The award is presented to the Engineering Officer student who achieves the highest academic result over the duration of the course.

The seven modules making up the course covered a number of topics, including aerodynamics, aeronautical powerplant systems, electrical and avionics systems, weight and balance and aircraft structures.

“The last module was the fusion phase, which was definitely the most beneficial part of the course. It was two weeks of being an acting flight commander for a notional maintenance flight.

“We were given a chart of all the technicians in our teams and the airframes we worked on were Seasprites. Scenarios were put to us that would come up in that job, ranging from engineering issues on our aircraft to personnel issues within our teams, and we ran through those scenarios for two weeks,” she said.

One of the biggest advantages of joining the Air Force was the wide variety of roles available, FGOFF Scott said.

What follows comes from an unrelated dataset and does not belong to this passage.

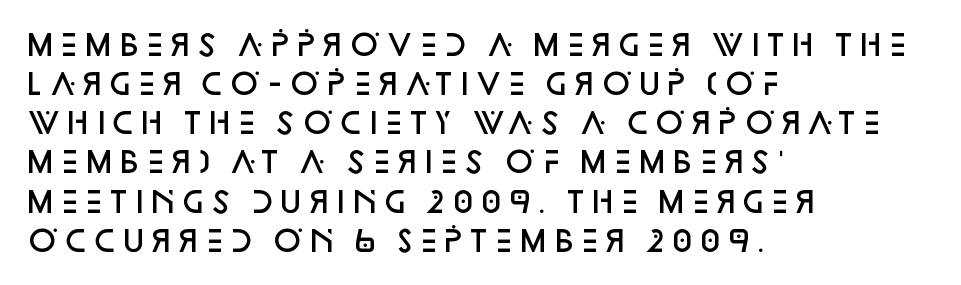
{"serif": "no", "italic": "no", "bold": "semi", "weight": "semibold", "width": "normal", "stroke_contrast": "low", "x_height": "large", "monospaced": "no", "underline": "no", "align": "left", "line_spacing": "normal", "line_spacing_ratio": 1.35, "letter_spacing": "normal", "letter_spacing_em": 0.0, "glyph_px": 29}

“If you go from university into a civil engineering or design role for example, you might design a very specific part of a building support time after time. Whereas almost any role that we go into as Engineering Officers, there is a mixture of engineering and personnel management, not to mention the wider duties of a military officer, which means you’re going to get something different every day.

“There are a huge variety of elements to the engineering trade itself, let alone the training opportunities and the travel opportunities.”

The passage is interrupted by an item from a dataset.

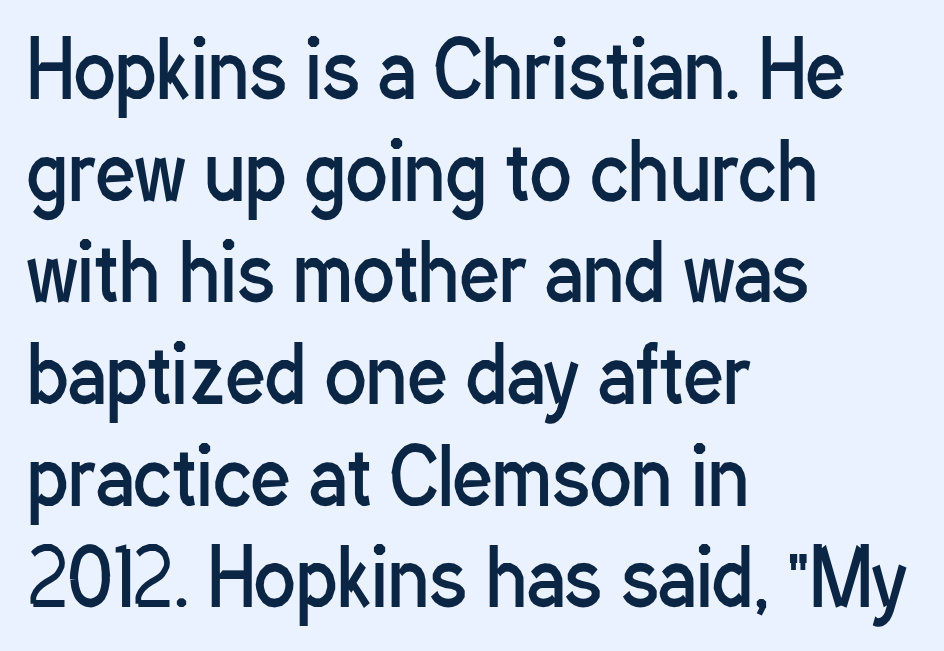
{"serif": "no", "italic": "no", "bold": "no", "weight": "regular", "width": "condensed", "stroke_contrast": "low", "x_height": "medium", "monospaced": "no", "underline": "no", "align": "left", "line_spacing": "normal", "line_spacing_ratio": 1.32, "letter_spacing": "normal", "letter_spacing_em": 0.0, "glyph_px": 77}

FGOFF Scott has just taken on a new role at Base Ohakea as the flight commander of the Armament and Safety and Surface Flight in the Maintenance Support Squadron.

“I’m really looking forward to it. It was a job that I applied for largely because it was a job that was completely different to my last job. I went from doing structural engineering where I was crunching numbers to solve engineering problems, and now I’m moving into a role where I’m managing a team which brings its own new set of challenges.”

Published in Air Force News - Issue 230(external link)(external link)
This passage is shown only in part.